Energy industry boosts TSX higher
TORONTO (Reuters) - Toronto's main stock index finished at a 2009 closing high yesterday as heavyweight energy and financial issues led a broad rally.
All but one of the TSX's 10 main sub-groups ended higher, with the energy sector adding 0.86 percent and financials gaining 1.32 percent.
The sole decliner was the resources-laden materials group, which slipped 0.87 percent.
"This is typically supposed to be a really volatile month and it's proved to be quite the contrary, actually," Elvis Picardo, vice-president of research at Global Securities in Vancouver, said of the gains made in recent sessions.
"There continues to be a lot of confidence in Canadian banks."

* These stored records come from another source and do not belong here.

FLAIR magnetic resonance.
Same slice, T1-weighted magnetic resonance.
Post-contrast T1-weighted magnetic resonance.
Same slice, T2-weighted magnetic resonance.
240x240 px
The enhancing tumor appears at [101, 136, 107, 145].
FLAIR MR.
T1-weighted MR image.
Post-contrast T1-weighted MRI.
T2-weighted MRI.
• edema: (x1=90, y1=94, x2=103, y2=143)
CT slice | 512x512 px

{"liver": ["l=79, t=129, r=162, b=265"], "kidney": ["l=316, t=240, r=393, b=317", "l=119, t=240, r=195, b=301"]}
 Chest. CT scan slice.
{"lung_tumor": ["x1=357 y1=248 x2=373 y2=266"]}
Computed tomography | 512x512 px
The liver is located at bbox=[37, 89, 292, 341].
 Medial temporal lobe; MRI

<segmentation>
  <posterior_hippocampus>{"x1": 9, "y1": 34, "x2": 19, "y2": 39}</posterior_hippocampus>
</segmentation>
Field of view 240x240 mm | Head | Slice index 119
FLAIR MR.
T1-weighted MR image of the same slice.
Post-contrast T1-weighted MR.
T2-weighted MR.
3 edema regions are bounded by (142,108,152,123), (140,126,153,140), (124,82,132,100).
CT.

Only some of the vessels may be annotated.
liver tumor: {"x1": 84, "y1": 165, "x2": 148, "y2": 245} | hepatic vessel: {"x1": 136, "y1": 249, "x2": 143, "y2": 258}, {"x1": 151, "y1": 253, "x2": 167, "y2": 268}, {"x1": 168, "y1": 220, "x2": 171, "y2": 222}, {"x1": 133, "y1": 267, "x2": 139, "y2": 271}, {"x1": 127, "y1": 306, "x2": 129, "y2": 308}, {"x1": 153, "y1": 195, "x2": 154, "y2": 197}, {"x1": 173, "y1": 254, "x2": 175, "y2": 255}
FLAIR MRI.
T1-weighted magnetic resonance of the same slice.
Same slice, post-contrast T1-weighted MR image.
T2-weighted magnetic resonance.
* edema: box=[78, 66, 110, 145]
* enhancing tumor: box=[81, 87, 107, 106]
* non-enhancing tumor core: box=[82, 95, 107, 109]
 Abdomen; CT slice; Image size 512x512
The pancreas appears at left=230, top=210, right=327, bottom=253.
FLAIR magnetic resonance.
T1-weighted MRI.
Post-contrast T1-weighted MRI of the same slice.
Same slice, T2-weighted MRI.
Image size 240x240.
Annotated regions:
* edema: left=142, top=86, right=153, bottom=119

Indeed, banks and other financial institutions were among the winners yesterday: Canadian Imperial Bank of Commerce rose 1.4 percent to end at C$63.85. Fairfax Financial rose 3.8 percent to close at C$385. Insurance group Sun Life Financial rose 2.9 percent to end at C$31.23.
Losers included some of the country's top mining names. Royal Gold fell 3.1 percent to finish at C$50.39. Barrick Gold gave up 1.6 percent to close at C$40.51.

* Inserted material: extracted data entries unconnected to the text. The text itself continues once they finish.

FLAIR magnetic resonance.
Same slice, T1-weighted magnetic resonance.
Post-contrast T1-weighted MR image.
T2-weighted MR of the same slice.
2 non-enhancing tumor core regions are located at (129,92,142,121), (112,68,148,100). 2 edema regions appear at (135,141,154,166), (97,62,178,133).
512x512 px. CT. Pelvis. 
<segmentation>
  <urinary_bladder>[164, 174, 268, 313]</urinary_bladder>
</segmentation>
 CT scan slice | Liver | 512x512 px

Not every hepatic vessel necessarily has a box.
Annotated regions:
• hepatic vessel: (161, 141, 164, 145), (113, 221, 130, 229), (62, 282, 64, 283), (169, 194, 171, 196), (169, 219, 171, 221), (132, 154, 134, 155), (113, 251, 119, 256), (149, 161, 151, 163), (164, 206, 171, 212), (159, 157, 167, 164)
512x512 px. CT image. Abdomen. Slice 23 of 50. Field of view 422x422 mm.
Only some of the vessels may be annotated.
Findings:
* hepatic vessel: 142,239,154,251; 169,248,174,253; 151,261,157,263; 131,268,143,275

The S&P/TSX composite index rose 78.81 points, or 0.7 percent, to close at 11,332.04.
Gavin Graham, director of investments at BMO Asset Management, said that large equity offerings, such as Barrick's $4 billion deal last week, are helping to build optimism - despite continuing job losses.

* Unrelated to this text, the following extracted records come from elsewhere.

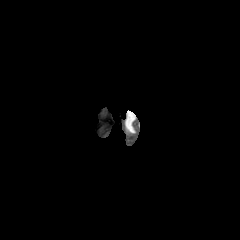
FLAIR magnetic resonance.
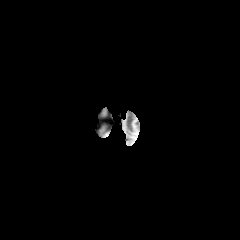
T1-weighted MR.
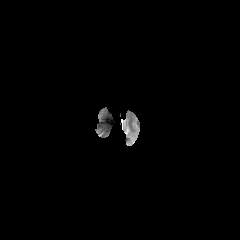
Post-contrast T1-weighted MR.
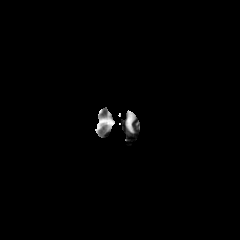
T2-weighted MR of the same slice.
Head
The edema appears at region(124, 110, 136, 134).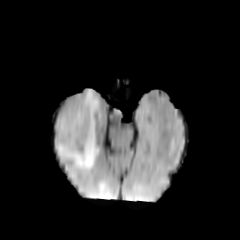
FLAIR MR.
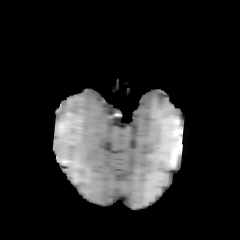
T1-weighted magnetic resonance of the same slice.
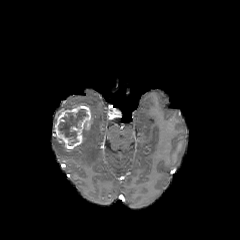
Post-contrast T1-weighted MR.
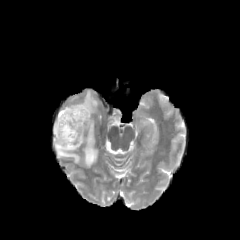
T2-weighted MR image of the same slice.
enhancing_tumor:
  - [54,104,92,150]
non-enhancing_tumor_core:
  - [57,109,86,139]
edema:
  - [54,89,99,168]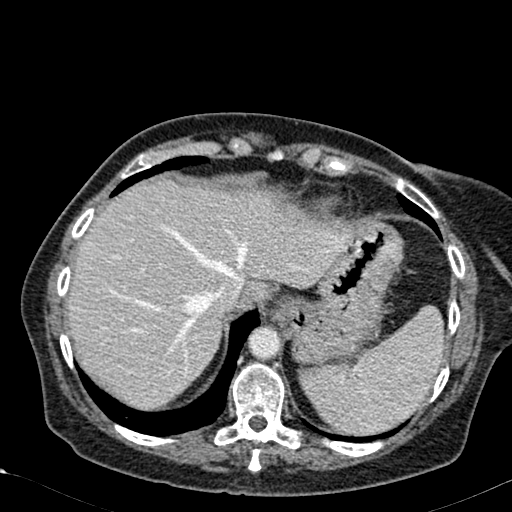
Upper abdomen | CT | Image size 512x512

liver:
  - <box>67,178,350,405</box>
  - <box>239,282,266,307</box>
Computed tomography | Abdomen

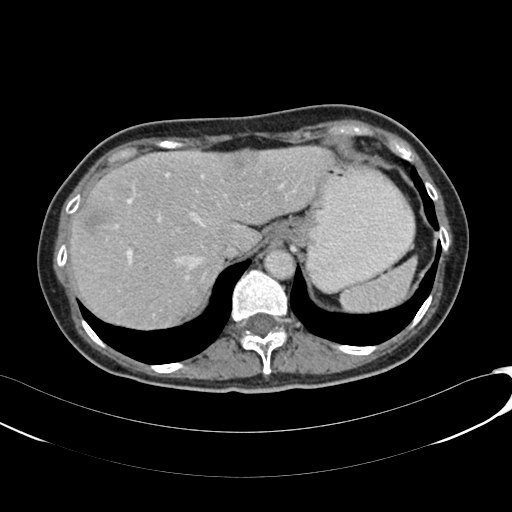

Liver: {"x1": 70, "y1": 146, "x2": 333, "y2": 327}.
Focal liver lesion: {"x1": 233, "y1": 152, "x2": 257, "y2": 175}, {"x1": 82, "y1": 204, "x2": 112, "y2": 234}.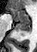

Hippocampus; MRI
Segmented structures:
* anterior hippocampus: bbox=[7, 8, 29, 21]
* posterior hippocampus: bbox=[15, 22, 29, 35]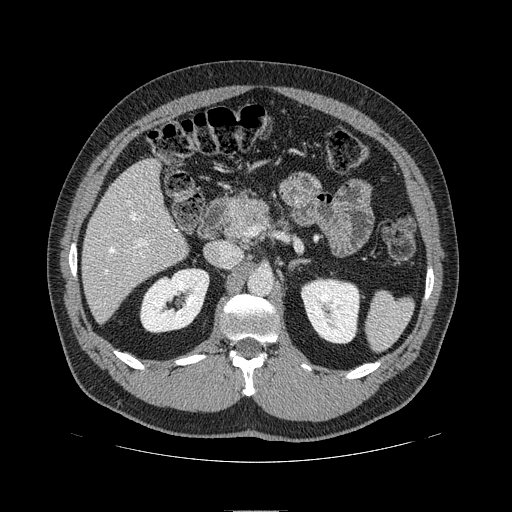
CT scan slice
The pancreas lies within x1=225, y1=200, x2=270, y2=240. The pancreatic tumor is bounded by x1=244, y1=211, x2=258, y2=225.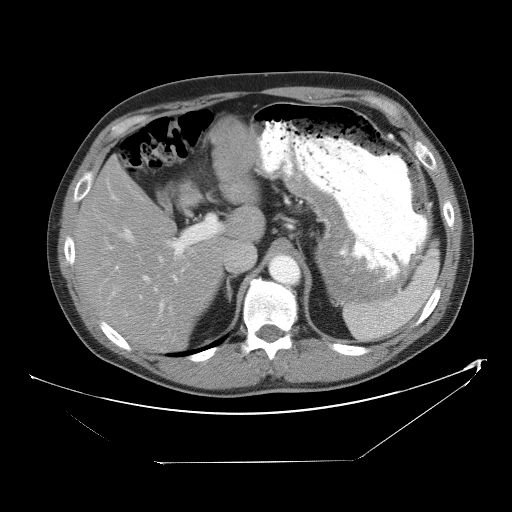 CT

The vessel boxes may cover only some of the vessels.
hepatic_vessel:
  - 166 241 182 257
  - 144 276 148 281
  - 154 287 156 290
  - 181 269 183 270
  - 159 301 163 316
  - 159 257 162 261
  - 189 250 193 252
  - 120 229 132 240
  - 106 246 111 248

"The risk appetite has returned," he said. "Whether that's justified is a completely different question."
Data yesterday showed Canadian industries ran at 67.4 percent of capacity in the second quarter, the lowest rate on record as the recession forced every sector except food manufacturing to curb output.
The two-year bond fell five Canadian cents to C$99.56 to yield 1.231 percent, while the 10-year bond fell 43 Canadian cents to C$103.12 to yield 3.370 percent. The 30-year bond lost 85 Canadian cents to C$118.40 to yield 3.906 percent.
Most Canadian bonds outperformed their US counterparts, except for the two-year issue.
The Canadian 10-year bond yield widened slightly to 5.1 basis points below its US counterpart, compared with 2.1 basis points on Friday.